It's neither superstition nor ritual that forces me to acknowledge and celebrate New Years each year. It is a blind optimism concerning the mechanics of the universe that washes over me in warm, rolling waves.
I consider New Years Day, much like a birthday, a station point in life. It’s a dog-eared page in a journal that we thumb back to annually, re-read certain lines, and discover a new & different meaning each time. It is an opportunity to recognize that we have completed yet another revolution around the Sun, and that one more revolution has begun anew.
2007 came to an end beneath a tapestry of stars so glittering and expansive that it brought to mind the night skies of childhood, the imaginings of an immense swathe of black paper pricked with holes, filtering in some light from beyond.
The campfire glowed, and we huddled around it, laughing and pouring champagne, toasting the sky and each other again and again.

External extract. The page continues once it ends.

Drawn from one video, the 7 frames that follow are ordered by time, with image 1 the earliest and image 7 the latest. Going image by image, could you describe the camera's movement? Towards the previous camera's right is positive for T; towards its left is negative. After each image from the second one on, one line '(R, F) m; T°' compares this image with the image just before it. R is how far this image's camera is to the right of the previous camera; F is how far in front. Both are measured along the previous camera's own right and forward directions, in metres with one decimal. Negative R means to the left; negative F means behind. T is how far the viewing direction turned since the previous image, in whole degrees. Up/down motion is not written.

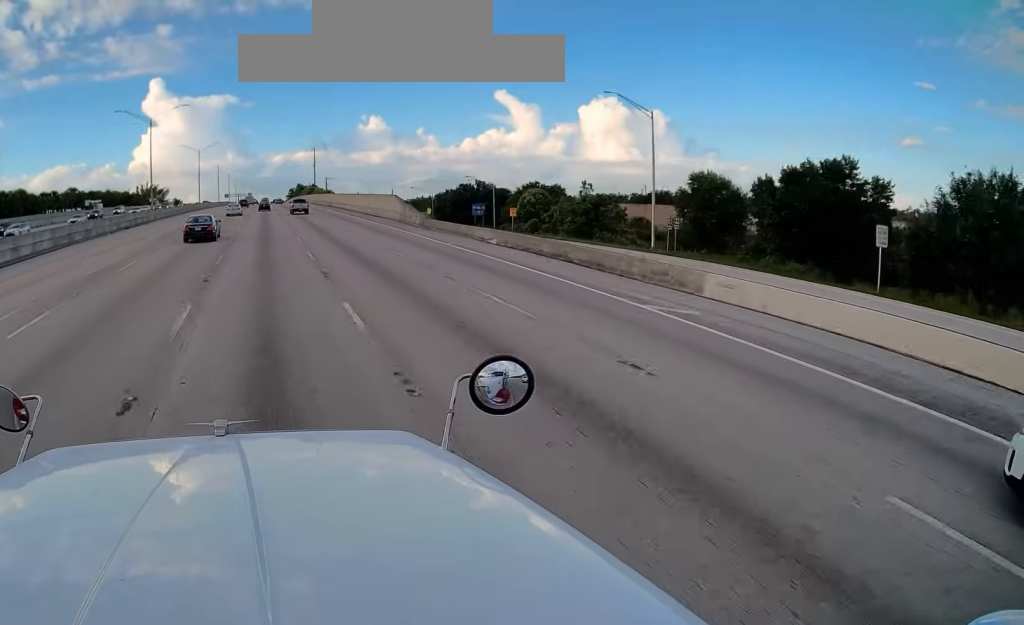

Shooting stars leave strands of wishes in their wake. I walk a short distance from camp, into the Texas night, and a chill creeps into my bones as I squat to pee. I pour myself onto the cracked earth under cover of night, exhale a wisp of warm breath, and wonder at the vital exchanges taking place at both ends of my body.
It is no wonder why the transcendentalists were all moved by nature. In this place, we are all vulnerable to the elements, life is unpredictable, and more visceral than indoors. I am infinitely more alive out here.
Around the fire, or within the enormous yurt, there are embraces, confessions, laughter. And it dawns on me, “These people love and respect me.” No matter how many times I fail myself, or refuse to believe I have succeeded, I have earned the respect of the people I love. 2008 is the year I will earn my own respect.
I will earn my degree this year, 5 long, stressful years in the making. In a couple of weeks I will be in Asia, examining the sites of disasters on the shores of several nations. And then, on some distant shore, I will carve my name into my profession...
2008 is full of promises. In spite of personal uncertainty, some things are certain:
There will be more deaths, as there always are. Some will govern well, and others poorly. Scandals and environmental catastrophes will rock the airwaves. Small kindnesses will go unreported, and people will continue to be people everywhere, screwing and fighting, hoping and waiting, loving and hating.
More noteworthy, our little planet will continue to make its way around the sun, celestial bodies will wink conspiratorially at one another, and cycles will continue to unfold, wreaking havoc on humanity simply by doing as their nature compels.
Like the transcendentalists before me, I will reach out to the world in 2008, lay myself bare like an exposed nerve, and let myself be guided by the precious vulnerability I find in discomfort and danger. That, and wait to see what is written when we return to this station on the eve of 2009.